In 1989, Hogue built a new 30,000-squre-foot winery next to the existing one -- increasing production capacity to 80 bottles a minute -- and by 1997 it was making about 10 percent of all Washington wines and was the state's second-largest winery operation behind Stimson Lane, owners of Chateau Ste. Michelle and Columbia Crest. In 1998, Hogue introduced its Genesis line and announced plans to increase production to 500,000 cases by 2000. In an effort to improve brand recognition, Hogue "virtually reinvented their product line with new packaging for wines in all five tiers of products offered" ("Hogue Cellars Opens the Book ...").
Meanwhile, Hogue Cellars kept winning accolades, including one in 1992, when Wine Spectator magazine ranked a $12 Hogue Cellars Merlot at No. 26 on its list of the 100 best wines, and another in 1994 from Wine & Spirits magazine, which selected Hogue as one of its wineries of the year.
In 2001, just a few days before 9/11, the Hogue partners sold the winery to Vincor International for $36.4 million. Mike continued growing grapes for the winery and Gary stayed on doing sales and marketing. In 2006, Constellation Brands, which already owned Columbia Winery, Covey Run Winery, and Paul Thomas Wines in Washington, purchased Vincor for $1.5 billion. The Hogue partners had done quite well for themselves, though Gary Hogue downplayed their role in the winery's success. "Hogue is a product of timing, timing, timing and location, location, location," he said. "We didn't have anything to do with the great climate -- and our father was the one who located us in the Valley" ("The Grapes of Success").

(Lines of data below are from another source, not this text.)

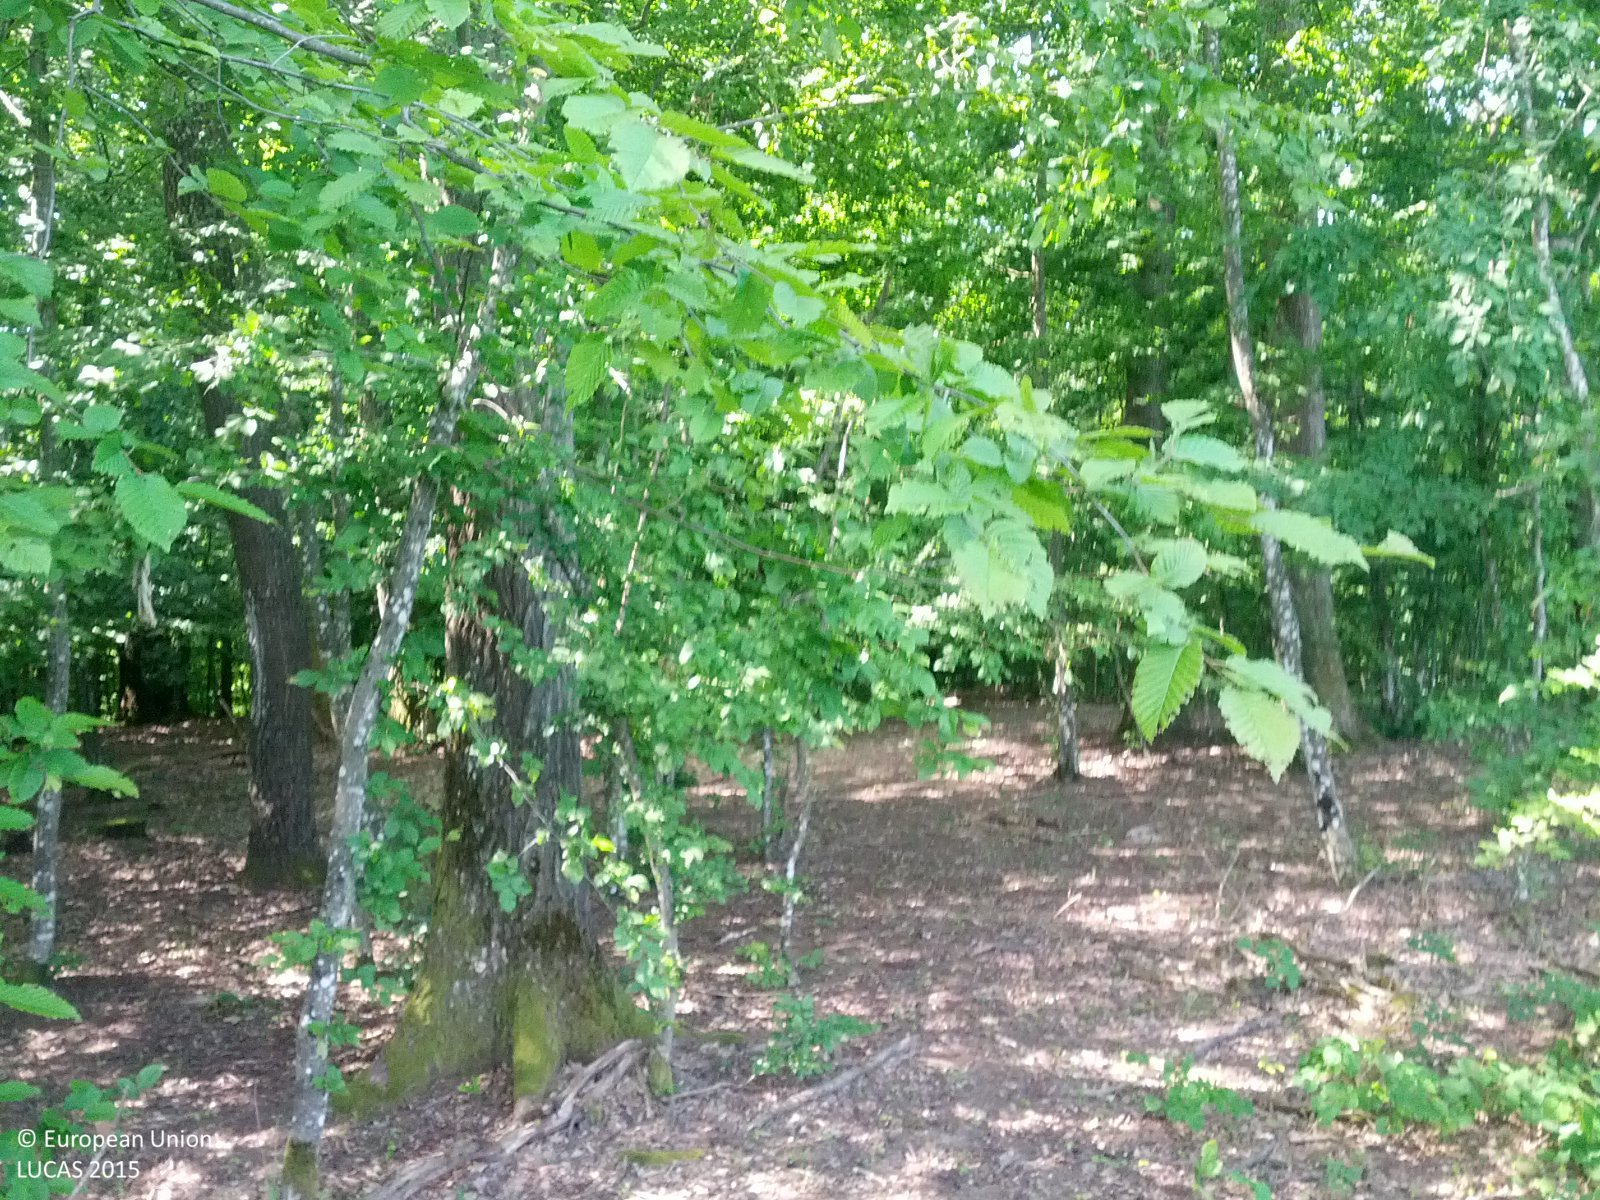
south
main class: Woodland
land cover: Broadleaved woodland
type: beech forest
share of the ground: 50 - 75 %
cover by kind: broadleaved forest trees 60 %, unconsolidated bare surface 20 %, herbaceous plants 15 %, shrubs 5 %
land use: Forestry
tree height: > 5 m
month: June
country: AT
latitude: 47.0992
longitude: 16.3925
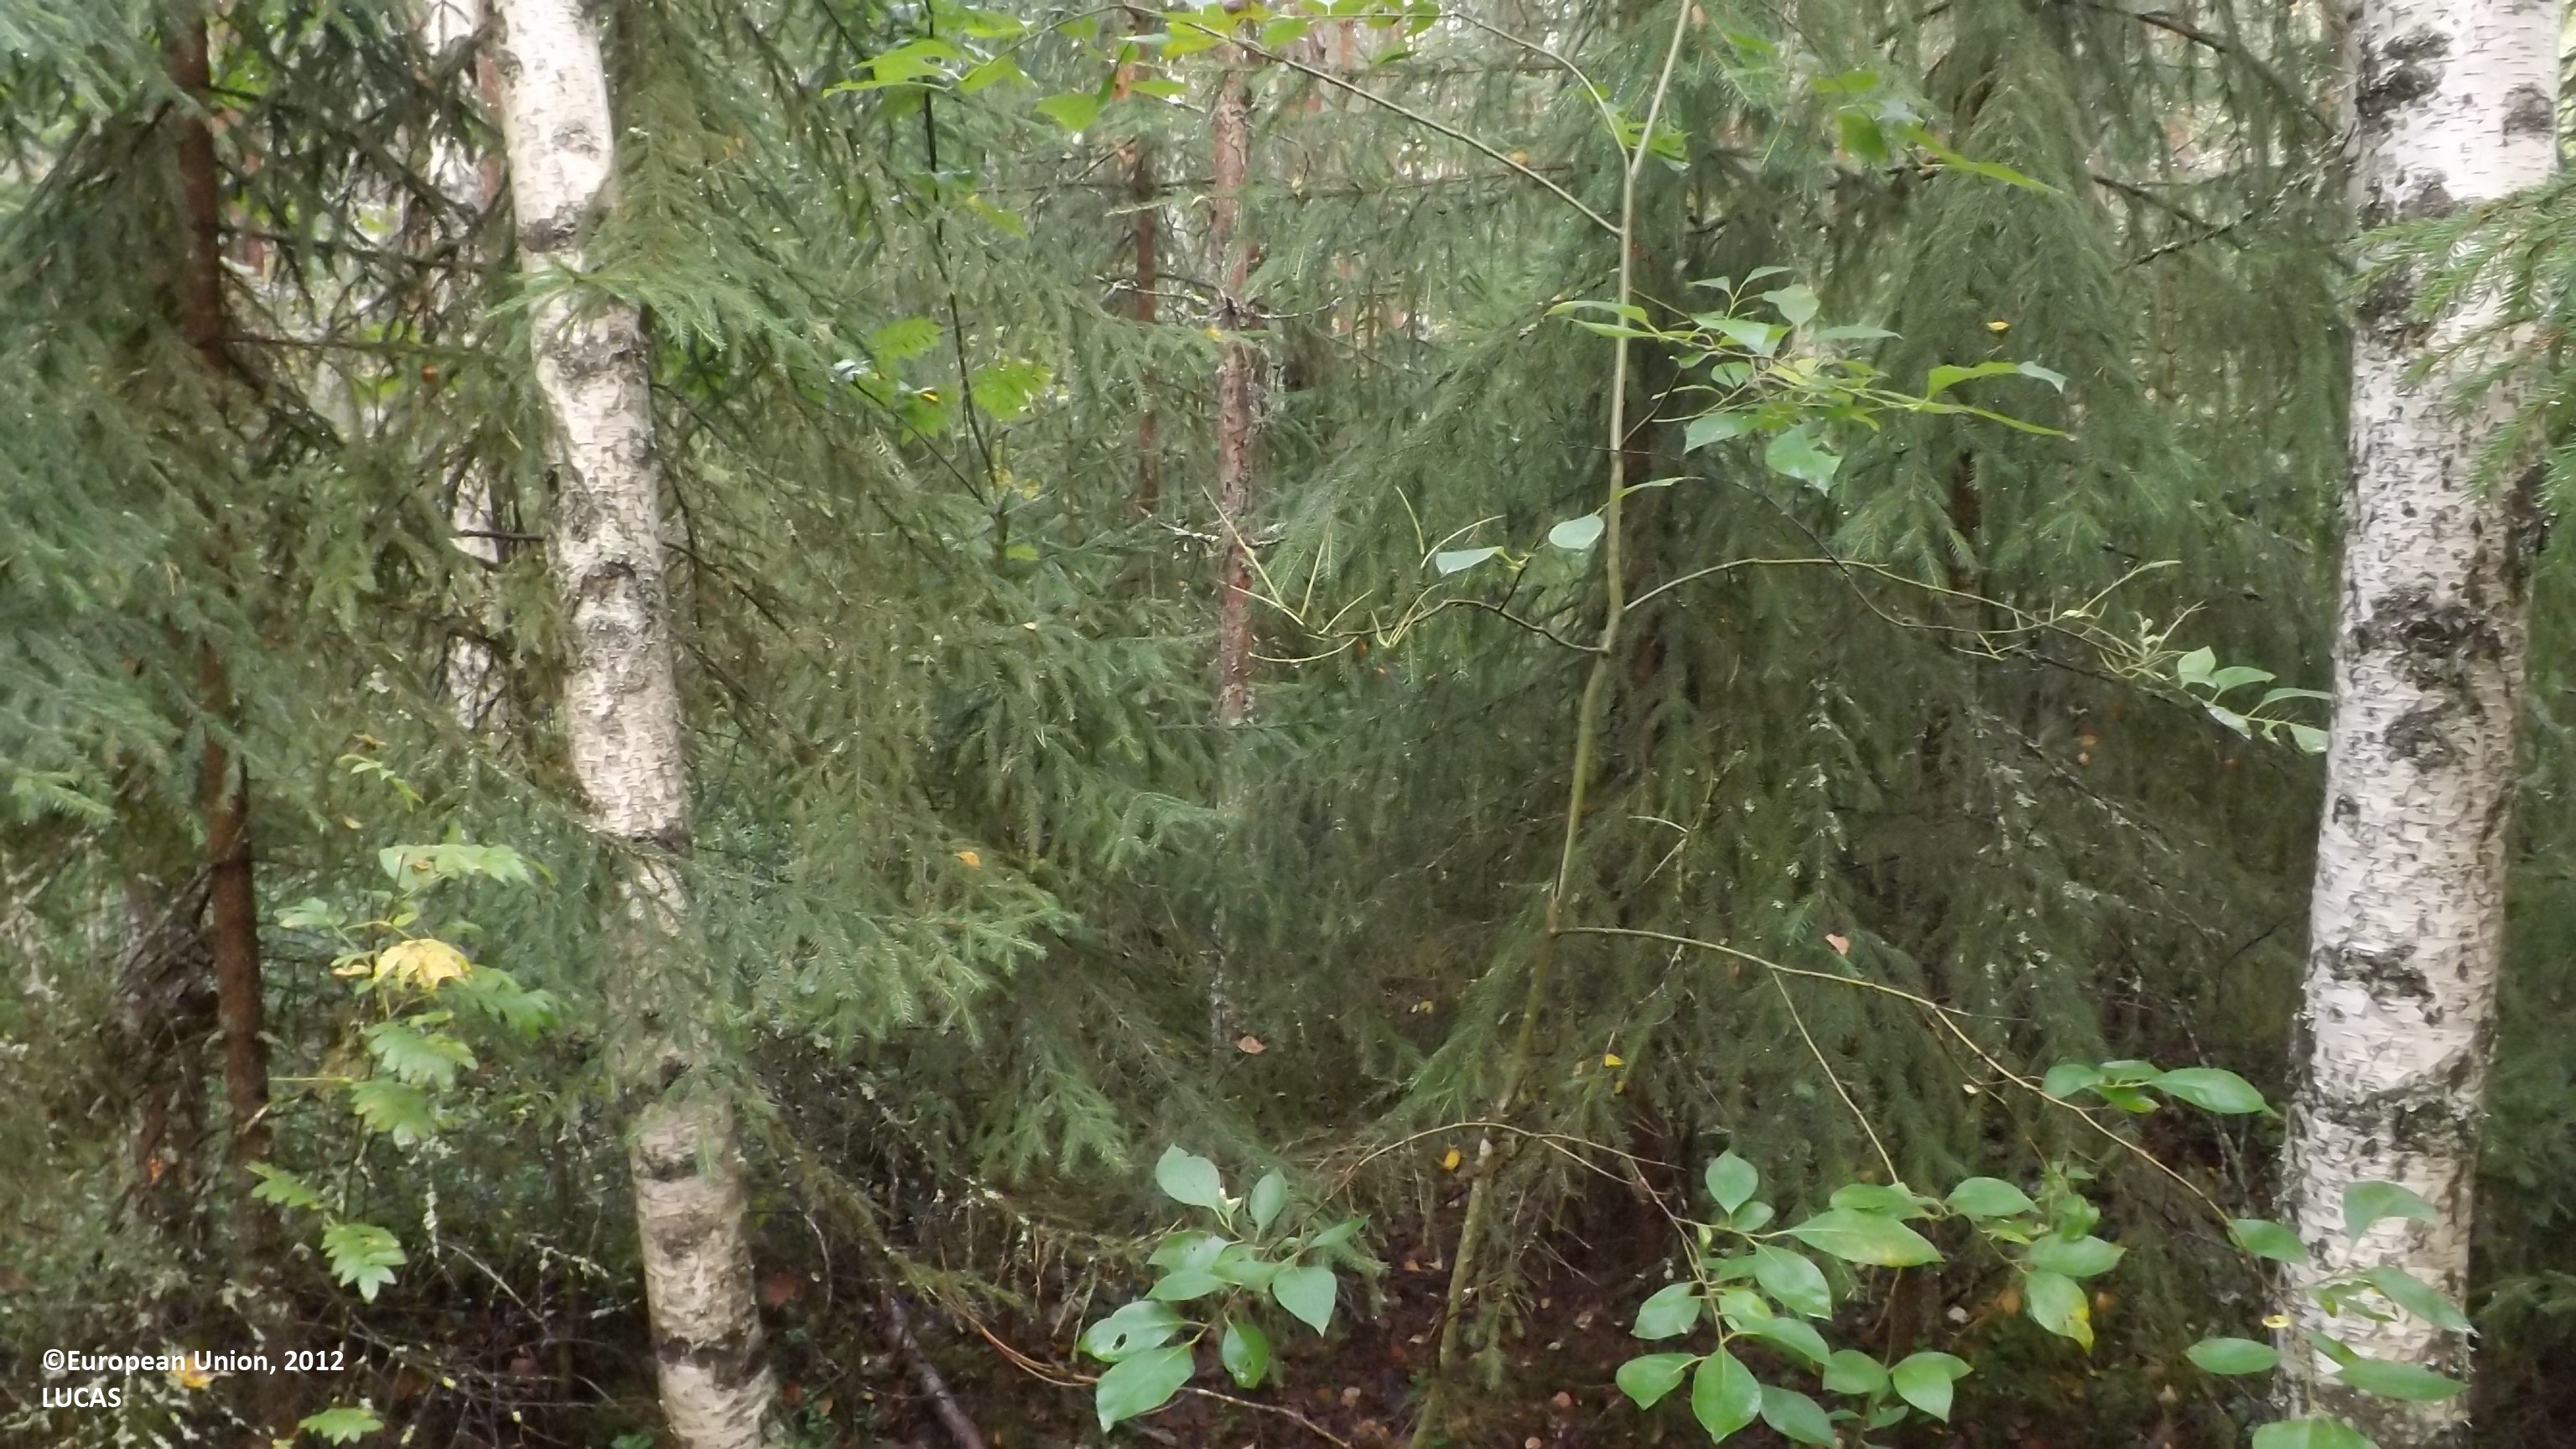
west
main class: Woodland
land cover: Other mixed woodland
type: boreal forest
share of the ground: > 75 %
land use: Forestry
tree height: > 5 m
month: August
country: FI
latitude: 63.8932
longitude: 23.4804

In 2007, Mike Hogue, then 63, partnered with Bud and Rob Mercer, and Hogue's daughter Barbara and son-in-law Ron Harle, in a new winery, Mercer Estates. The white wine grapes were sourced from the Brooks, Sunnyside, and Spring Creek vineyards, properties Hogue still owned in the Yakima Valley. David Forsyth, who spent 23 years at Hogue Cellars, signed on as winemaker, and Jeff Peda, "a 17-year Hogue veteran, serves as 'director of stuff' -- regional sales, winery events, and hospitality" ("With Heart ..."). Mike Hogue retired in the early 2010s. In 2013 he was inducted into the Washington Wine Hall of Fame at the Walter Clore Wine & Culinary Center in Prosser.